As cavacas. O presunto. O peixe do rio. As ribeiras. O Ocreza. As praias fluviais. O Parque do Brejo. A Anta da Foz do Rio Frio. As Águas Quentes. As Pessoas. Mação, nem sempre gostei de ti.

É quinta-feira, o dia quase a meio, já devia ter escrito e enviado esta crónica, registo e desisto, uma, duas, muitas vezes, a vida sempre a suspender as frases que alinhavo na cabeça, faltam-me o tempo e o embalo, sobra-me a preguiça. Sucedem-se os arranques logo travados por melhores ideias, ou talvez não, ganhou esta, a ver no que dá.

Faz tempo que quero escrever sobre isto. Nem sempre gostei de Mação, nem da minha aldeia, não é uma coisa bonita de dizer, mas é preciso assumi-la. A vila, mínima, mais pequena a aldeia, minúscula, o pinhal gigante, dominador, claustrofóbico, só cabeços e pinheiros a sangrar resina, o verão como chapas de zinco em brasa, o inverno feito de geada e frio e desconsolo. E as moscas, sempre tão chatinhas, todo a ano – fazer o quê?

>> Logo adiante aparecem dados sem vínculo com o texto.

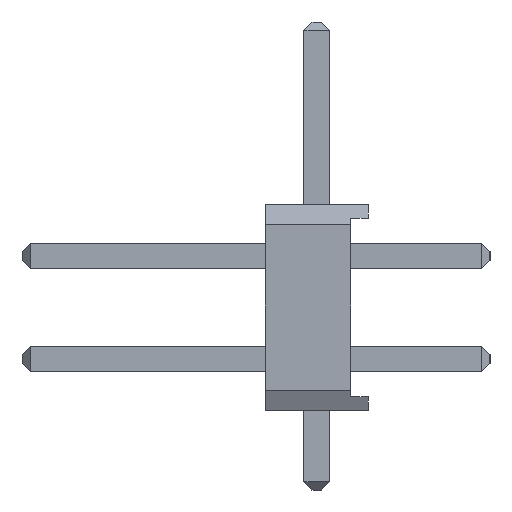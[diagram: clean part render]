
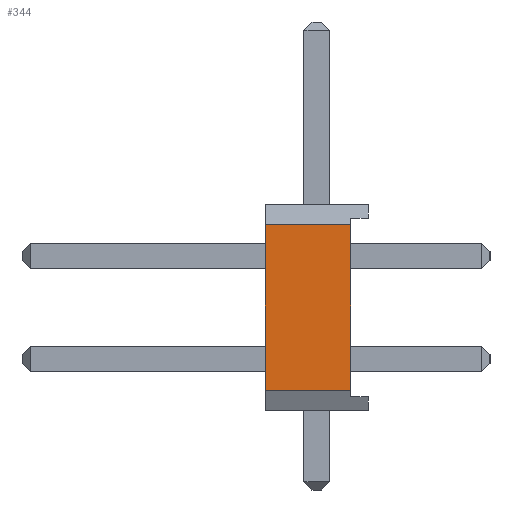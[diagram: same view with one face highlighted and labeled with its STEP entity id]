
A CAD part, left-side view. The second image highlights one B-rep face of the part: STEP entity #344.
In plain terms, the highlighted planar face has unit normal (-1, 0, 0).
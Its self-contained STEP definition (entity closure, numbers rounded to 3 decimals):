
#344 = ADVANCED_FACE( '', ( #921 ), #922, .T. );
#921 = FACE_OUTER_BOUND( '', #1731, .T. );
#922 = PLANE( '', #1732 );
#1731 = EDGE_LOOP( '', ( #2905, #2906, #2907, #2908 ) );
#1732 = AXIS2_PLACEMENT_3D( '', #2909, #2910, #2911 );
#2905 = ORIENTED_EDGE( '', *, *, #5055, .F. );
#2906 = ORIENTED_EDGE( '', *, *, #5056, .T. );
#2907 = ORIENTED_EDGE( '', *, *, #5057, .T. );
#2908 = ORIENTED_EDGE( '', *, *, #4876, .T. );
#2909 = CARTESIAN_POINT( '', ( -15.24, 0., 0. ) );
#2910 = DIRECTION( '', ( -1., 0., 0. ) );
#2911 = DIRECTION( '', ( 0., 0., 1. ) );
#4876 = EDGE_CURVE( '', #5926, #5924, #5927, .T. );
#5055 = EDGE_CURVE( '', #6236, #5924, #6237, .T. );
#5056 = EDGE_CURVE( '', #6236, #6238, #6239, .T. );
#5057 = EDGE_CURVE( '', #6238, #5926, #6240, .T. );
#5924 = VERTEX_POINT( '', #7434 );
#5926 = VERTEX_POINT( '', #7437 );
#5927 = LINE( '', #7438, #7439 );
#6236 = VERTEX_POINT( '', #7902 );
#6237 = LINE( '', #7903, #7904 );
#6238 = VERTEX_POINT( '', #7905 );
#6239 = LINE( '', #7906, #7907 );
#6240 = LINE( '', #7908, #7909 );
#7434 = CARTESIAN_POINT( '', ( -15.24, 1.27, -3.31 ) );
#7437 = CARTESIAN_POINT( '', ( -15.24, 1.27, 0.77 ) );
#7438 = CARTESIAN_POINT( '', ( -15.24, 1.27, 1.27 ) );
#7439 = VECTOR( '', #9195, 1000. );
#7902 = CARTESIAN_POINT( '', ( -15.24, -0.832, -3.31 ) );
#7903 = CARTESIAN_POINT( '', ( -15.24, 0., -3.31 ) );
#7904 = VECTOR( '', #9350, 1000. );
#7905 = CARTESIAN_POINT( '', ( -15.24, -0.832, 0.77 ) );
#7906 = CARTESIAN_POINT( '', ( -15.24, -0.832, 0. ) );
#7907 = VECTOR( '', #9351, 1000. );
#7908 = CARTESIAN_POINT( '', ( -15.24, 0., 0.77 ) );
#7909 = VECTOR( '', #9352, 1000. );
#9195 = DIRECTION( '', ( 0., 0., -1. ) );
#9350 = DIRECTION( '', ( 0., 1., 0. ) );
#9351 = DIRECTION( '', ( 0., 0., 1. ) );
#9352 = DIRECTION( '', ( 0., 1., 0. ) );

Mas foi ali que cresci, não me foi dado escolher, e se pudesse, pois então, eu não escolheria Mação. Era menina, ingénua, agora sei que também impaciente e ingrata. Aos três A’s, famosa trindade composta por Ar, Água e Azeite, somava sonhos com todas as letras do alfabeto, planos infinitos para sair dali, depressa.

Finalmente chego a Lisboa, cidade capital. Denuncia-me a pronúncia, desde logo, mas ninguém sabe onde fica o sítio de onde venho. Muitos confundem Mação com outras vilas mais a norte; pois não, é distrito de Santarém, Beira Baixa, esclareço; outros têm ideias vagas, terra-mártir, os incêndios e pouco mais.

Os anos passam, fermentam as saudades. A vindima, a safra da azeitona, a matança do porco, a festa de verão, tão só o ar puro, o campo, a floresta, o silêncio. De longe, é diferente o que os olhos veem, o coração sem miopia, só foco e precisão, a vida a afinar-se.

Há 20 anos que aqui estou, longe da aldeia, eternamente na aldeia, finalmente de pazes feitas com o sítio onde cresci. Dissequei a vergonha e a inferioridade, dois apêndices do portugalinho profundo, a ingenuidade, o rancor.

Troquei tudo isso, perceba-se, por gratidão e orgulho. Só há pouco voltei a ver, talvez com os olhos de quem já viveu mais, que estava errada. E agora o que mais vejo é grandeza. Nem sempre gostei de ti, Mação, mas aprendi a gostar, como tu também aprendeste a mostrar-te e a valorizar-te.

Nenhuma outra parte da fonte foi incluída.